Okay, here is my dilemma. It’s actually a dilemma I’ve had for some time, but changing circumstances over the last few years have made it more and more problematic.
In the United States, the proper valediction for a written social communication is “Sincerely yours” or “Yours sincerely.” Since sometimes it’s necessary to live dangerously, you can add “very” before “sincerely.”
All right so far.
The proper valediction for a written business communication to a person whose name you know is “Truly yours” or “Yours truly.” Since sometimes it’s necessary to live dangerously, you can add “very” before “truly.”

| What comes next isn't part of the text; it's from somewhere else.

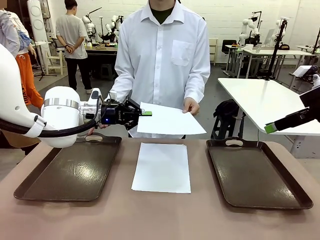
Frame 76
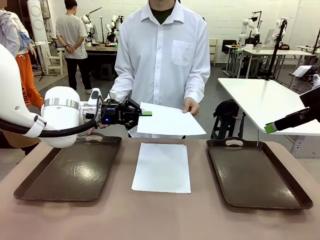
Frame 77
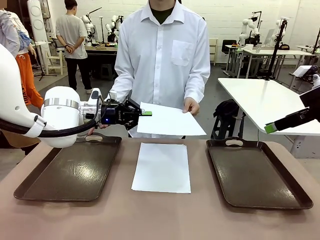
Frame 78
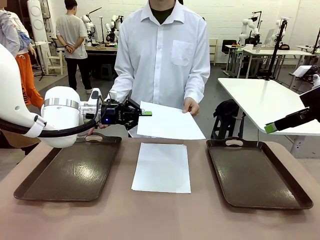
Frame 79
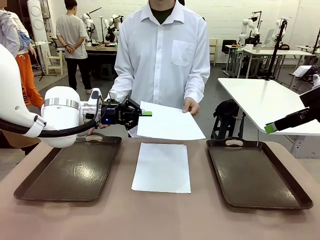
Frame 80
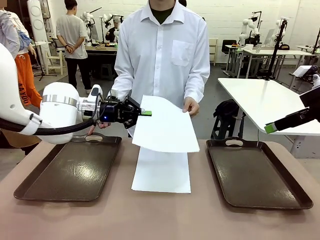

But here’s where the problem comes in.
The proper valediction for a business communication to a person whose name you don’t know (e.g. “To Whom It May Concern,” “Dear Sir or Madam,” etc.) is “Faithfully yours.” I’ve never even tried to figure out whether you can put a “very” in that one too, because, given the political climate these days, I can’t close an e-mail “Faithfully yours” or the recipient will assume I am a crazy fundamentalist Christian just waiting for God to rapture me away from all this, and will not bother responding.
At the same time, I feel really weird closing e-mails with anything else when there is a very clear correct choice.
I suppose I could just never write to anybody whose name I don’t know, but I suspect that in the end the drawbacks of such a course of action might prove prohibitive.
Maybe I should just switch to “I beg to remain your most humble and obedient servant.”